One of the things that I love to do is looking back at my previous results to see how my skills, equipment and style improves and evolves over the years. I constantly try to learn new things and improve my processing to steer the results towards my artistic desires.
Retrospective: TS80APO+ASI1600MM vs ST80+450D
Q4: When did you know about ZWO? And what’s the first ASI camera you have?
My first camera from ZWO was the ASI120MM. Articles from Astronomy Now, Sky at night magazine and Sky & Telescope were praising the performance of this camera and it was priced very competitively. I was looking for a good guide camera and the ASI120 was much more sensitive than the Orion StarShoot guide camera that many other astrophotographers were using at the time. I decided to buy the mono version for maximum guide performance.
I have used the ASI120MM camera for almost 3 years now and it has performed very well, both for autoguiding and for taking pictures of the Moon and planets. For high-resolution work with my f/6 refractor, I added a ZWO RGB filter set and a 3X Barlow to the imaging train.
Galaxies from Bortle 7 skies, TS80APO+ASI1600MM, Ha-LRGB or LRGB, 43 hours total exposure
Q5: Which ASI camera is your favorite? And why are you choose it?

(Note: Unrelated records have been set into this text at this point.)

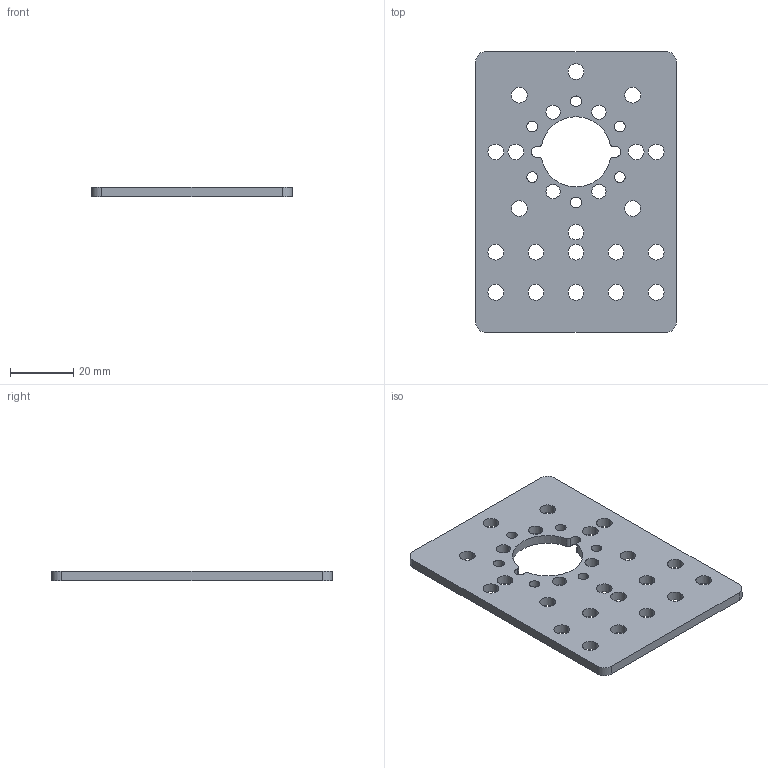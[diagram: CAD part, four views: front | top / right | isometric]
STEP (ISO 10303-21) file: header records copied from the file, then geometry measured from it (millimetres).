
FILE_DESCRIPTION (( 'STEP AP214' ), '1' );
FILE_NAME ('WCP-1410 Rev1.step', '2024-03-13T01:28:59', ( '' ), ( '' ), 'SwSTEP 2.0', 'SolidWorks 2022', '' );
FILE_SCHEMA (( 'AUTOMOTIVE_DESIGN' ));
Length unit declared in the file: inch
Products named in the file (1): WCP-1410 Rev1
Bounding box: 63.5 x 88.9 x 3 mm (x, y, z)
Volume: 14167.4 mm3; surface area: 11879.5 mm2
Topology: 1 solids, 1 shells, 79 faces, 231 edges, 154 vertices
Faces by surface type: cylinder 73, plane 6
Entity records: 2875 total; most frequent: DIRECTION 537, CARTESIAN_POINT 465, ORIENTED_EDGE 462, EDGE_CURVE 231, AXIS2_PLACEMENT_3D 226, VERTEX_POINT 154, CIRCLE 146, EDGE_LOOP 141
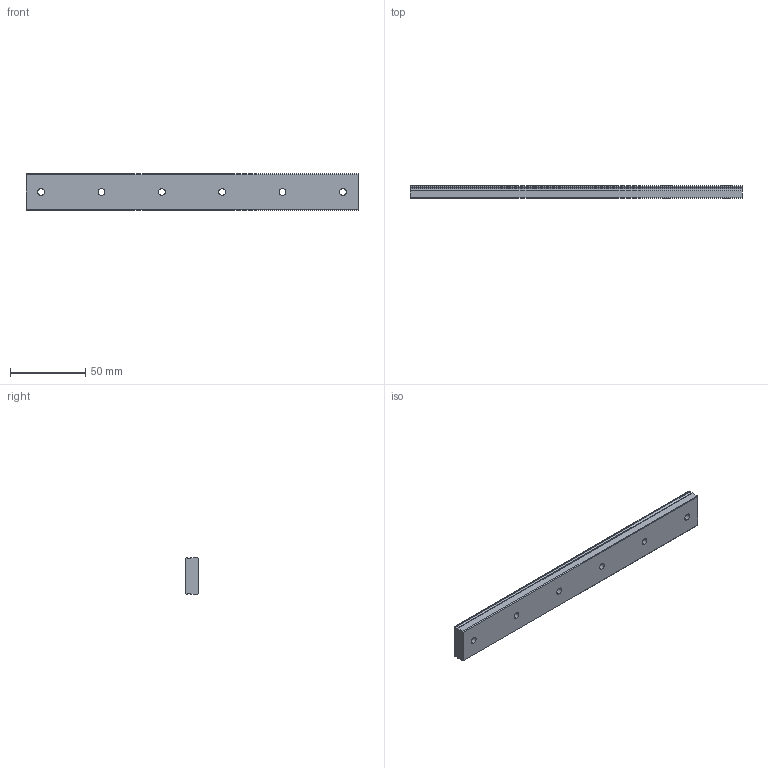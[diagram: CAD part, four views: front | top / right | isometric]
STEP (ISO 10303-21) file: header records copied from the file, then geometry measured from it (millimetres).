
FILE_DESCRIPTION (( 'STEP AP214' ), '1' );
FILE_NAME ('SRS12WSSS-220LM_G10_0_0_0_0_0_1.STEP', '2021-08-09T12:28:45', ( '' ), ( '' ), 'SwSTEP 2.0', 'SolidWorks 2021', '' );
FILE_SCHEMA (( 'AUTOMOTIVE_DESIGN' ));
Length unit declared in the file: millimetre
Products named in the file (2): _SRS12WS22010 Track; SRS12WSSS-220LM_G10_0_0_0_0_0_1
Assembly tree (1 placements, depth 2):
  SRS12WSSS-220LM_G10_0_0_0_0_0_1
    _SRS12WS22010 Track
Bounding box: 220 x 8.5 x 24 mm (x, y, z)
Volume: 42570.1 mm3; surface area: 15546.8 mm2
Topology: 1 solids, 1 shells, 49 faces, 123 edges, 82 vertices
Faces by surface type: cylinder 31, plane 18
Entity records: 1589 total; most frequent: DIRECTION 291, CARTESIAN_POINT 258, ORIENTED_EDGE 246, EDGE_CURVE 123, AXIS2_PLACEMENT_3D 115, VERTEX_POINT 82, EDGE_LOOP 67, CIRCLE 62

Definitely the ASI1600MM-C. Photographing objects from the city turned out to be way harder than I thought, at least with the gear that I had in the beginning. At one point I was actually considering giving up the hobby because of light pollution and bad weather.
This changed completely after I bought the ASI1600MM-C, because it allowed me to do narrowband imaging, which is ideal for someone who lives in the middle of heavy light pollution. It was a new generation of mono CMOS cameras with low read noise. This makes it much easier to take sky-limited sub-exposures through narrowband filters when paired with a fast telescope. It was also a much more affordable camera than the CCD alternatives at the time, so I probably wouldn’t have gotten where I am today without ZWO.

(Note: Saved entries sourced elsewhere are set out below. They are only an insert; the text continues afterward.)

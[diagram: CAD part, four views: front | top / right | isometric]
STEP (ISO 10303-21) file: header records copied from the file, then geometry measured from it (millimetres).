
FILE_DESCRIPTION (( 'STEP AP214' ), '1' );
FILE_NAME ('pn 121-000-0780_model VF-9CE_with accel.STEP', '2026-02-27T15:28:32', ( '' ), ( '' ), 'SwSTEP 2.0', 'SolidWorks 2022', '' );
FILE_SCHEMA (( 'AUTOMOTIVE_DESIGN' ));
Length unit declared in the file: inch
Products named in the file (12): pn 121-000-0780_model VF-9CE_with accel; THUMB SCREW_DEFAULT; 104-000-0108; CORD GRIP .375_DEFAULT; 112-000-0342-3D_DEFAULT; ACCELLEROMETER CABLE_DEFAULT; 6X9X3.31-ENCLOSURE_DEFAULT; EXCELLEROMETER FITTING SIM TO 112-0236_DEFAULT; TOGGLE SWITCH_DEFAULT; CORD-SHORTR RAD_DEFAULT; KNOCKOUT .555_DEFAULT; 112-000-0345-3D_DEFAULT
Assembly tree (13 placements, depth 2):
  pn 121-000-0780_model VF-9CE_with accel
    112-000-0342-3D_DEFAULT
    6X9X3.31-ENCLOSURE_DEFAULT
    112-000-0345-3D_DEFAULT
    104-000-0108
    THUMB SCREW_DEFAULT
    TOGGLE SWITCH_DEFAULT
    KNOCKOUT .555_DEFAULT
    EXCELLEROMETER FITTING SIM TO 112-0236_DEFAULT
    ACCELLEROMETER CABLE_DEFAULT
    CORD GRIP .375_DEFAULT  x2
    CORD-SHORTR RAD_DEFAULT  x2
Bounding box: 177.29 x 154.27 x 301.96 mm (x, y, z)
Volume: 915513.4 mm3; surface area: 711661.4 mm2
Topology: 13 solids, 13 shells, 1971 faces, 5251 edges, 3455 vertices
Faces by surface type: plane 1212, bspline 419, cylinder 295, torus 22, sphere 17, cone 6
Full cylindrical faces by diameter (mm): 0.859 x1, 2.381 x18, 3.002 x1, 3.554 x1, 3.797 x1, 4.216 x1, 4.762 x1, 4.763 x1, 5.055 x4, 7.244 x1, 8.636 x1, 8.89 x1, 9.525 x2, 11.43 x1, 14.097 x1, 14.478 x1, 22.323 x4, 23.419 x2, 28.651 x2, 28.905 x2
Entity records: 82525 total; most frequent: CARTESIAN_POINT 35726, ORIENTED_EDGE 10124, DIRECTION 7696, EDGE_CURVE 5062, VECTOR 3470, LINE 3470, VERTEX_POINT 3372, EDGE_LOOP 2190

NGC 7380 in narrowband bi-color (Ha + OIII), TS80APO+ASI1600MM, 4.8 hours, Bortle 7.
The 16 megapixel sensor in the ASI1600MM-C camera offers a lot of versatility behind a small 80 mm apo. You can either use the full frame to capture wide-field views or large emission nebula, or crop to show fine detail in galaxies and smaller nebula. My setup is slightly under-sampled and drizzle stacking images from a mono sensor often allow me to reveal additional detail in close-ups.

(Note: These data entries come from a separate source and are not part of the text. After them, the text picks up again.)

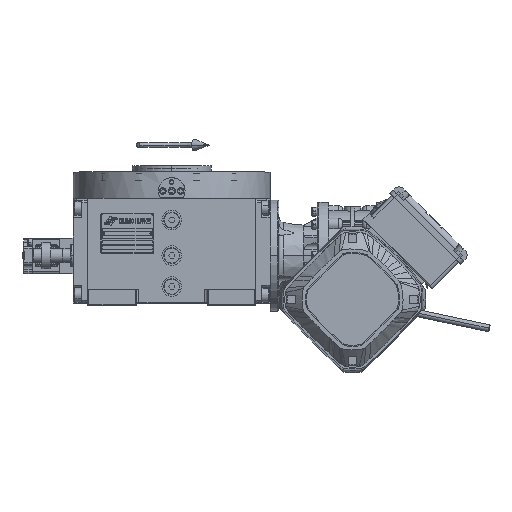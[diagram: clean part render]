
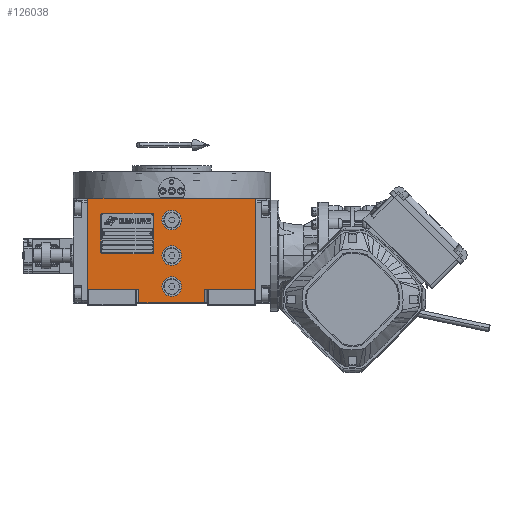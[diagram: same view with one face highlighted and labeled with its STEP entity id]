
A CAD part, top view. The second image highlights one B-rep face of the part: STEP entity #126038.
In plain terms, the highlighted planar face has unit normal (0, 0, 1).
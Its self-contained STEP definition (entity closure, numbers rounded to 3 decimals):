
#1553 = EDGE_CURVE ( 'NONE', #103200, #24143, #13376, .T. ) ;
#2954 = EDGE_CURVE ( 'NONE', #83320, #54023, #94888, .T. ) ;
#3973 = CARTESIAN_POINT ( 'NONE',  ( 11., 0., 163.5 ) ) ;
#5920 = AXIS2_PLACEMENT_3D ( 'NONE', #104929, #93333, #77949 ) ;
#7011 = VERTEX_POINT ( 'NONE', #138641 ) ;
#7672 = CARTESIAN_POINT ( 'NONE',  ( -37., -53.5, 163.5 ) ) ;
#8344 = VERTEX_POINT ( 'NONE', #3973 ) ;
#9246 = VERTEX_POINT ( 'NONE', #31233 ) ;
#12266 = CARTESIAN_POINT ( 'NONE',  ( 37., -38.5, 163.5 ) ) ;
#12836 = CARTESIAN_POINT ( 'NONE',  ( 0., -35., 163.5 ) ) ;
#13376 = CIRCLE ( 'NONE', #5920, 11. ) ;
#15255 = VECTOR ( 'NONE', #41231, 1000. ) ;
#15755 = ORIENTED_EDGE ( 'NONE', *, *, #1553, .F. ) ;
#17761 = CARTESIAN_POINT ( 'NONE',  ( -94.5, 64.5, 163.5 ) ) ;
#18885 = ORIENTED_EDGE ( 'NONE', *, *, #69631, .T. ) ;
#20181 = DIRECTION ( 'NONE',  ( 1., 0., 0. ) ) ;
#21556 = VERTEX_POINT ( 'NONE', #149273 ) ;
#23125 = CARTESIAN_POINT ( 'NONE',  ( -94.5, 64.5, 163.5 ) ) ;
#23765 = CIRCLE ( 'NONE', #115050, 11. ) ;
#24143 = VERTEX_POINT ( 'NONE', #43331 ) ;
#24683 = EDGE_CURVE ( 'NONE', #83320, #136682, #127507, .T. ) ;
#25140 = CARTESIAN_POINT ( 'NONE',  ( -37., -38.5, 163.5 ) ) ;
#25148 = PLANE ( 'NONE',  #70211 ) ;
#25855 = AXIS2_PLACEMENT_3D ( 'NONE', #107740, #120071, #76574 ) ;
#28466 = EDGE_LOOP ( 'NONE', ( #18885, #118627, #76359, #146112, #147917, #74985, #144548, #101121 ) ) ;
#30811 = CARTESIAN_POINT ( 'NONE',  ( -11., 40., 163.5 ) ) ;
#31233 = CARTESIAN_POINT ( 'NONE',  ( 11., -35., 163.5 ) ) ;
#33455 = EDGE_LOOP ( 'NONE', ( #67142, #15755 ) ) ;
#33549 = ORIENTED_EDGE ( 'NONE', *, *, #121664, .F. ) ;
#34582 = VECTOR ( 'NONE', #65002, 1000. ) ;
#37072 = LINE ( 'NONE', #142237, #47095 ) ;
#38927 = EDGE_CURVE ( 'NONE', #24143, #103200, #119690, .T. ) ;
#39885 = CARTESIAN_POINT ( 'NONE',  ( 37., -53.5, 163.5 ) ) ;
#40416 = EDGE_CURVE ( 'NONE', #134190, #141921, #113643, .T. ) ;
#41231 = DIRECTION ( 'NONE',  ( 0., 1., 0. ) ) ;
#42351 = CIRCLE ( 'NONE', #128772, 11. ) ;
#43331 = CARTESIAN_POINT ( 'NONE',  ( 11., 40., 163.5 ) ) ;
#43407 = VECTOR ( 'NONE', #60895, 1000. ) ;
#43430 = CARTESIAN_POINT ( 'NONE',  ( 0., 0., 163.5 ) ) ;
#44655 = ORIENTED_EDGE ( 'NONE', *, *, #91212, .F. ) ;
#45652 = DIRECTION ( 'NONE',  ( 0., 0., 1. ) ) ;
#47095 = VECTOR ( 'NONE', #97353, 1000. ) ;
#47773 = LINE ( 'NONE', #117353, #49400 ) ;
#48456 = DIRECTION ( 'NONE',  ( 0., 1., 0. ) ) ;
#49400 = VECTOR ( 'NONE', #118103, 1000. ) ;
#50341 = EDGE_CURVE ( 'NONE', #133006, #105438, #118759, .T. ) ;
#50728 = DIRECTION ( 'NONE',  ( 0., 0., 1. ) ) ;
#52844 = VERTEX_POINT ( 'NONE', #66152 ) ;
#53810 = AXIS2_PLACEMENT_3D ( 'NONE', #82135, #140866, #118416 ) ;
#54023 = VERTEX_POINT ( 'NONE', #39885 ) ;
#57269 = DIRECTION ( 'NONE',  ( -1., 0., 0. ) ) ;
#58428 = CARTESIAN_POINT ( 'NONE',  ( -94.5, -38.5, 163.5 ) ) ;
#60061 = CARTESIAN_POINT ( 'NONE',  ( -94.5, -38.5, 163.5 ) ) ;
#60895 = DIRECTION ( 'NONE',  ( 0., -1., 0. ) ) ;
#62880 = EDGE_LOOP ( 'NONE', ( #105775, #33549 ) ) ;
#64138 = EDGE_CURVE ( 'NONE', #133006, #141921, #37072, .T. ) ;
#65002 = DIRECTION ( 'NONE',  ( 0., 1., 0. ) ) ;
#66152 = CARTESIAN_POINT ( 'NONE',  ( -11., -35., 163.5 ) ) ;
#66982 = EDGE_CURVE ( 'NONE', #52844, #9246, #93306, .T. ) ;
#67142 = ORIENTED_EDGE ( 'NONE', *, *, #38927, .F. ) ;
#69631 = EDGE_CURVE ( 'NONE', #134190, #54023, #47773, .T. ) ;
#70211 = AXIS2_PLACEMENT_3D ( 'NONE', #140424, #83227, #131081 ) ;
#70371 = DIRECTION ( 'NONE',  ( 1., 0., 0. ) ) ;
#70424 = EDGE_LOOP ( 'NONE', ( #44655, #87776 ) ) ;
#74985 = ORIENTED_EDGE ( 'NONE', *, *, #50341, .F. ) ;
#76004 = EDGE_CURVE ( 'NONE', #105438, #21556, #108923, .T. ) ;
#76359 = ORIENTED_EDGE ( 'NONE', *, *, #24683, .T. ) ;
#76574 = DIRECTION ( 'NONE',  ( 1., 0., 0. ) ) ;
#77949 = DIRECTION ( 'NONE',  ( -1., 0., 0. ) ) ;
#82135 = CARTESIAN_POINT ( 'NONE',  ( 0., -35., 163.5 ) ) ;
#83227 = DIRECTION ( 'NONE',  ( 0., 0., 1. ) ) ;
#83320 = VERTEX_POINT ( 'NONE', #89866 ) ;
#87228 = CARTESIAN_POINT ( 'NONE',  ( 94.5, -38.5, 163.5 ) ) ;
#87776 = ORIENTED_EDGE ( 'NONE', *, *, #66982, .F. ) ;
#89866 = CARTESIAN_POINT ( 'NONE',  ( 37., -38.5, 163.5 ) ) ;
#90583 = DIRECTION ( 'NONE',  ( 0., 0., 1. ) ) ;
#91212 = EDGE_CURVE ( 'NONE', #9246, #52844, #145862, .T. ) ;
#92775 = EDGE_CURVE ( 'NONE', #136682, #21556, #123158, .T. ) ;
#93306 = CIRCLE ( 'NONE', #53810, 11. ) ;
#93333 = DIRECTION ( 'NONE',  ( 0., 0., 1. ) ) ;
#94786 = FACE_OUTER_BOUND ( 'NONE', #28466, .T. ) ;
#94888 = LINE ( 'NONE', #119575, #43407 ) ;
#97353 = DIRECTION ( 'NONE',  ( 1., 0., 0. ) ) ;
#101121 = ORIENTED_EDGE ( 'NONE', *, *, #40416, .F. ) ;
#103200 = VERTEX_POINT ( 'NONE', #30811 ) ;
#104871 = FACE_BOUND ( 'NONE', #62880, .T. ) ;
#104929 = CARTESIAN_POINT ( 'NONE',  ( 0., 40., 163.5 ) ) ;
#105438 = VERTEX_POINT ( 'NONE', #17761 ) ;
#105775 = ORIENTED_EDGE ( 'NONE', *, *, #133689, .F. ) ;
#107189 = DIRECTION ( 'NONE',  ( 1., 0., 0. ) ) ;
#107740 = CARTESIAN_POINT ( 'NONE',  ( 0., 40., 163.5 ) ) ;
#108055 = VECTOR ( 'NONE', #48456, 1000. ) ;
#108923 = LINE ( 'NONE', #23125, #149211 ) ;
#111191 = AXIS2_PLACEMENT_3D ( 'NONE', #12836, #50728, #107189 ) ;
#112362 = CARTESIAN_POINT ( 'NONE',  ( 94.5, -38.5, 163.5 ) ) ;
#113643 = LINE ( 'NONE', #7672, #34582 ) ;
#115050 = AXIS2_PLACEMENT_3D ( 'NONE', #43430, #90583, #20181 ) ;
#117222 = FACE_BOUND ( 'NONE', #33455, .T. ) ;
#117353 = CARTESIAN_POINT ( 'NONE',  ( -37., -53.5, 163.5 ) ) ;
#118103 = DIRECTION ( 'NONE',  ( 1., 0., 0. ) ) ;
#118416 = DIRECTION ( 'NONE',  ( -1., 0., 0. ) ) ;
#118627 = ORIENTED_EDGE ( 'NONE', *, *, #2954, .F. ) ;
#118759 = LINE ( 'NONE', #60061, #108055 ) ;
#119575 = CARTESIAN_POINT ( 'NONE',  ( 37., -38.5, 163.5 ) ) ;
#119690 = CIRCLE ( 'NONE', #25855, 11. ) ;
#120071 = DIRECTION ( 'NONE',  ( 0., 0., 1. ) ) ;
#121078 = VECTOR ( 'NONE', #149954, 1000. ) ;
#121664 = EDGE_CURVE ( 'NONE', #7011, #8344, #42351, .T. ) ;
#123158 = LINE ( 'NONE', #112362, #15255 ) ;
#126019 = CARTESIAN_POINT ( 'NONE',  ( 0., 0., 163.5 ) ) ;
#126038 = ADVANCED_FACE ( 'NONE', ( #104871, #152043, #117222, #94786 ), #25148, .T. ) ;
#127507 = LINE ( 'NONE', #12266, #121078 ) ;
#128772 = AXIS2_PLACEMENT_3D ( 'NONE', #126019, #45652, #57269 ) ;
#131081 = DIRECTION ( 'NONE',  ( 1., 0., 0. ) ) ;
#133006 = VERTEX_POINT ( 'NONE', #58428 ) ;
#133689 = EDGE_CURVE ( 'NONE', #8344, #7011, #23765, .T. ) ;
#134190 = VERTEX_POINT ( 'NONE', #137934 ) ;
#136682 = VERTEX_POINT ( 'NONE', #87228 ) ;
#137934 = CARTESIAN_POINT ( 'NONE',  ( -37., -53.5, 163.5 ) ) ;
#138641 = CARTESIAN_POINT ( 'NONE',  ( -11., 0., 163.5 ) ) ;
#140424 = CARTESIAN_POINT ( 'NONE',  ( -94.5, -53.5, 163.5 ) ) ;
#140866 = DIRECTION ( 'NONE',  ( 0., 0., 1. ) ) ;
#141921 = VERTEX_POINT ( 'NONE', #25140 ) ;
#142237 = CARTESIAN_POINT ( 'NONE',  ( -94.5, -38.5, 163.5 ) ) ;
#144548 = ORIENTED_EDGE ( 'NONE', *, *, #64138, .T. ) ;
#145862 = CIRCLE ( 'NONE', #111191, 11. ) ;
#146112 = ORIENTED_EDGE ( 'NONE', *, *, #92775, .T. ) ;
#147917 = ORIENTED_EDGE ( 'NONE', *, *, #76004, .F. ) ;
#149211 = VECTOR ( 'NONE', #70371, 1000. ) ;
#149273 = CARTESIAN_POINT ( 'NONE',  ( 94.5, 64.5, 163.5 ) ) ;
#149954 = DIRECTION ( 'NONE',  ( 1., 0., 0. ) ) ;
#152043 = FACE_BOUND ( 'NONE', #70424, .T. ) ;

M27 HaOIII + RGB stars, 2x Drizzle, TS80APO+ASI1600MM, 5.4 hours, Bortle 9
Q6: What setup do you use currently? Could share a picture of your setup?
When I started out, I designed my setup to be mobile so I could drive my gear to darker areas. The robustness of a refractor is really convenient for a mobile setup, but I would love to have a Newtonian one day for high-resolution DSO work.
My current setup consists of a TS 80mm f/6 apo reduced to 379mm focal length, an ASI1600MM-C V3 camera and a ZWO EFW filterwheel with full ZWO filter sets (31 mm LRGB and HaOIIISII) on a Sky-watcher EQ6-R mount. For guiding, I use an ASI120MM and APM 50/205 mm guidescope.
Current deepsky equipment setup in the backyard
Q7: What’s your impression of ZWO?
For me, ZWO is a pioneering company that embraced CMOS cameras in a world dominated by CCD technology. ZWO offers many different products that work well together and their software is very stable.
I believe that the quality and price point of their products has made two big changes in the astrophotography landscape: First, the hobby has become much more accessible. On the other hand, expert imagers have shown that ZWO cameras can produce excellent results on professional equipment, rivaling CCDs.